755 Quintilla

Discovery
- Discovered by: J. H. Metcalf
- Discovery site: Taunton Obs.
- Discovery date: 6 April 1908

Designations
- Pronunciation: /kwɪnˈtɪlə/
- Named after: Quintilla (Italian first name)
- Alternative designations: A908 GC · 1933 UF 1908 CZ
- Minor planet category: main-belt · (outer); background;

Orbital characteristics
- Epoch 31 May 2020 (JD 2459000.5)
- Uncertainty parameter 0
- Observation arc: 104.66 yr (38,226 d)
- Aphelion: 3.6182 AU
- Perihelion: 2.7446 AU
- Semi-major axis: 3.1814 AU
- Eccentricity: 0.1373
- Orbital period (sidereal): 5.67 yr (2,073 d)
- Mean anomaly: 294.13°
- Mean motion: 0° 10^{m} 25.32^{s} / day
- Inclination: 3.2423°
- Longitude of ascending node: 176.67°
- Argument of perihelion: 43.965°

Physical characteristics
- Mean diameter: 31.32±1.20 km; 36.04±2.1 km; 41.210±0.655 km;
- Synodic rotation period: 4.552 h
- Geometric albedo: 0.124±0.012; 0.1621±0.021; 0.220±0.019;
- Spectral type: Tholen = M; U–B = 0.220±0.023; B–V = 0.670±0.030; V–R = 0.410±0.030;
- Absolute magnitude (H): 9.7; 9.81;

= 755 Quintilla =

Main-belt asteroid

755 Quintilla (prov. designation: or ) is a metallic background asteroid from the outer regions of the asteroid belt, approximately 36 km in diameter. It was discovered on 6 April 1908, by American astronomer Joel Metcalf at the Taunton Observatory in Massachusetts, United States. For its size, the M-type asteroid has a relatively short rotation period of 4.55 hours. It was named Quintilla, an Italian female first name, for no reason other than being the first asteroid name beginning with the letter "Q".

== Orbit and classification ==

Quintilla is a non-family asteroid of the main belt's background population when applying the hierarchical clustering method to its proper orbital elements. It orbits the Sun in the outer asteroid belt at a distance of 2.7–3.6 AU once every 5 years and 8 months (2,073 days; semi-major axis of 3.18 AU). Its orbit has an eccentricity of 0.14 and an inclination of 3° with respect to the ecliptic. The body's observation arc begins at Vienna Observatory on 1 September 1915, almost 7 years after its official discovery observation by Joel Metcalf at Taunton.

== Naming ==

This minor planet was named Quintilla, a name of an Italian first name, that was proposed by Arville D. Walker, secretary to the American astronomer and director of Harvard Observatory Harlow Shapley (1885–1972), as no other asteroid name began with the letter "Q" when it was named in 1926. The was mentioned in The Names of the Minor Planets by Paul Herget in 1955 (H 76).

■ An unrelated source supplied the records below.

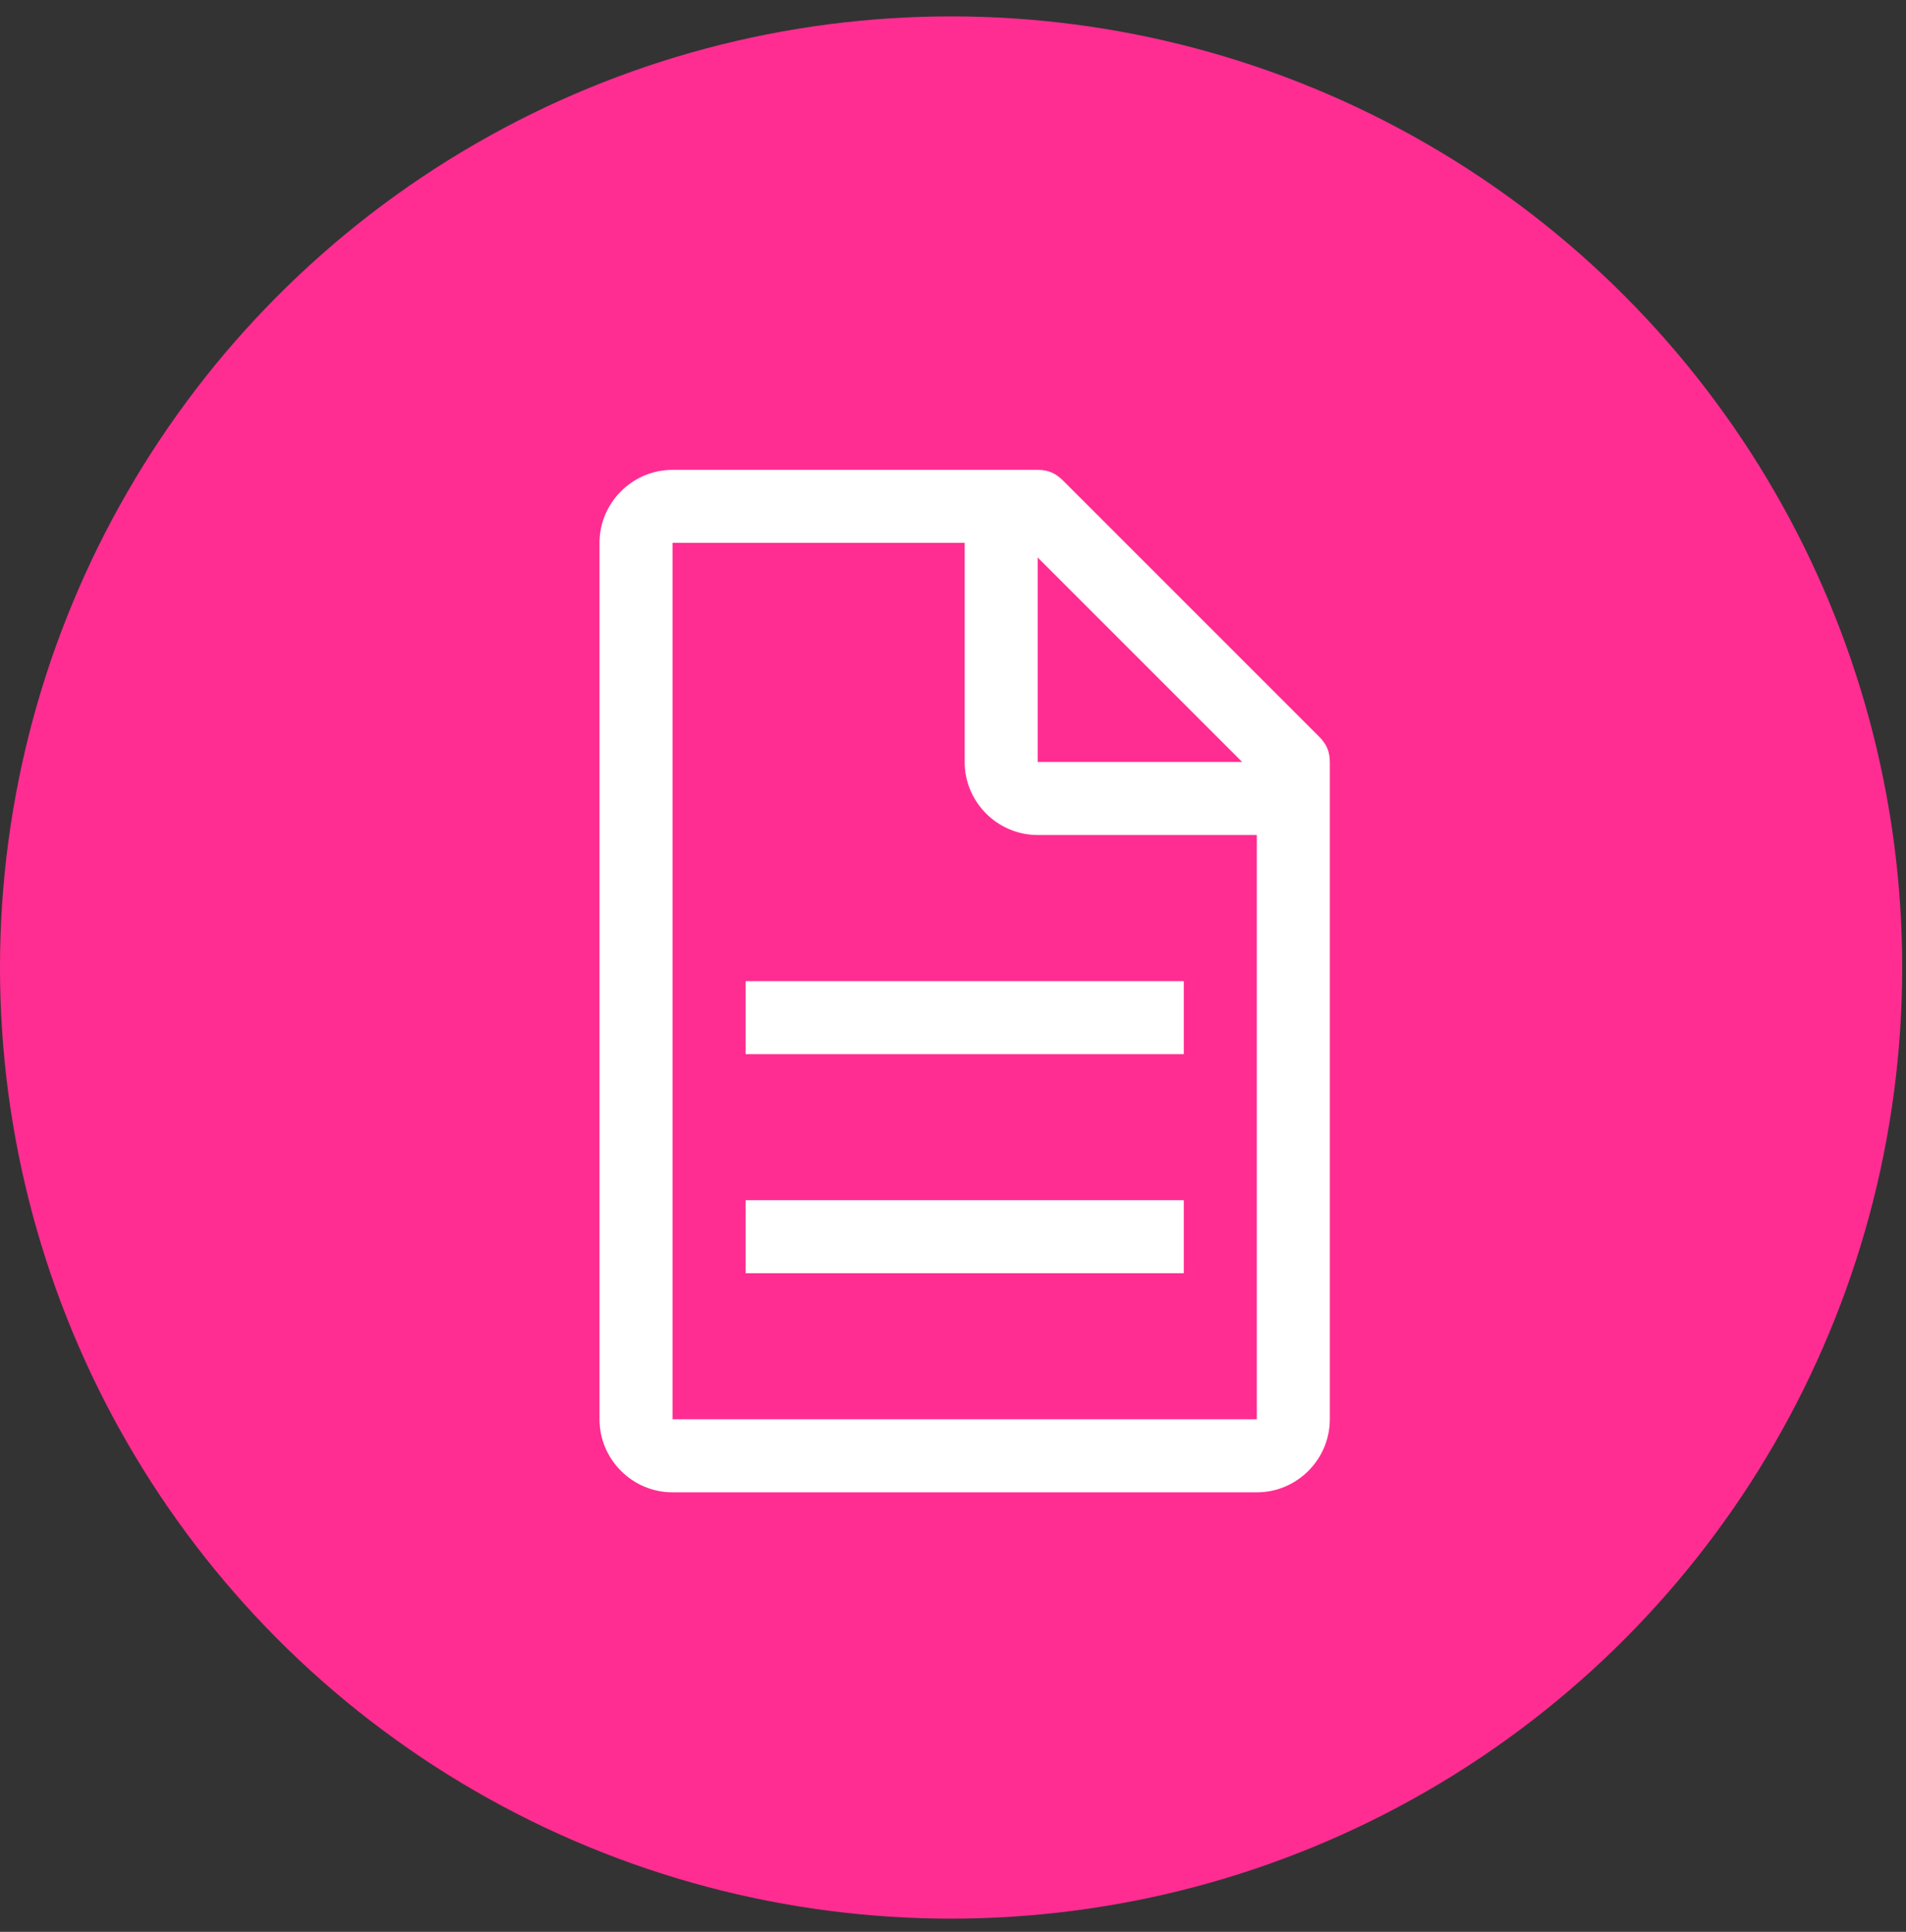 <svg width="74" height="75" viewBox="0 0 74 75" fill="none" xmlns="http://www.w3.org/2000/svg">
<rect x="0" y="0" width="74" height="75" fill="#333333" stroke="none"/>
<circle cx="36.926" cy="37.562" r="36.926" fill="#FF2D92"/>
<path d="M51.205 28.59L41.281 18.666C40.998 18.383 40.714 18.241 40.289 18.241H26.112C24.552 18.241 23.276 19.517 23.276 21.076V55.101C23.276 56.661 24.552 57.937 26.112 57.937H48.795C50.355 57.937 51.63 56.661 51.63 55.101V29.583C51.63 29.157 51.489 28.874 51.205 28.59ZM40.289 21.644L48.228 29.583H40.289V21.644ZM48.795 55.101H26.112V21.076H37.453V29.583C37.453 31.142 38.729 32.418 40.289 32.418H48.795V55.101Z" fill="white"/>
<path d="M28.947 46.596H45.96V49.431H28.947V46.596ZM28.947 38.09H45.96V40.925H28.947V38.09Z" fill="white"/>
</svg>

== Physical characteristics ==

In the Tholen classification, Quintilla is a metallic M-type asteroid.

=== Rotation period ===

Several rotational lightcurves of Quintilla were obtained from photometric observations. Analysis of the best-rated lightcurves by Robert K. Buchheim and Donald Pray (2004), Laurent Bernasconi, Reiner Stoss, Petra Korlević, Maja Hren, Aleksandar Cikota, Ljuban Jerosimic, and Raoul Behrend (2005), as well as Joseph Masiero (2006), gave a well-defined rotation period of (4.552±0.001), (4.5516±0.0002) and (4.552±0.002) hours with a brightness variation of (0.38±0.02), (0.08±0.01) and (0.45±0.2) magnitude, respectively (U=3/3/3). In November 2018, Michael and Matthew Fauerbach obtained a period of (4.552±0.002) hours and an amplitude of (0.16±0.02) magnitude (U=2).

=== Diameter and albedo ===

According to the surveys carried out by the Japanese Akari satellite, the Infrared Astronomical Satellite IRAS, and the NEOWISE mission of NASA's Wide-field Infrared Survey Explorer (WISE), Quintilla measures (31.32±1.20), (36.04±2.1) and (41.210±0.655) kilometers in diameter and its surface has an albedo of (0.220±0.019), (0.1621±0.021) and (0.124±0.012), respectively.

Alternative mean-diameter measurements published by the WISE team include (46.09±5.63 km) and (49.868±0.660 km) with corresponding albedos of (0.083±0.387) and (0.0848±0.0103). The Collaborative Asteroid Lightcurve Link derives an albedo of 0.1781 and a diameter of 36.16 kilometers based on an absolute magnitude of 9.7.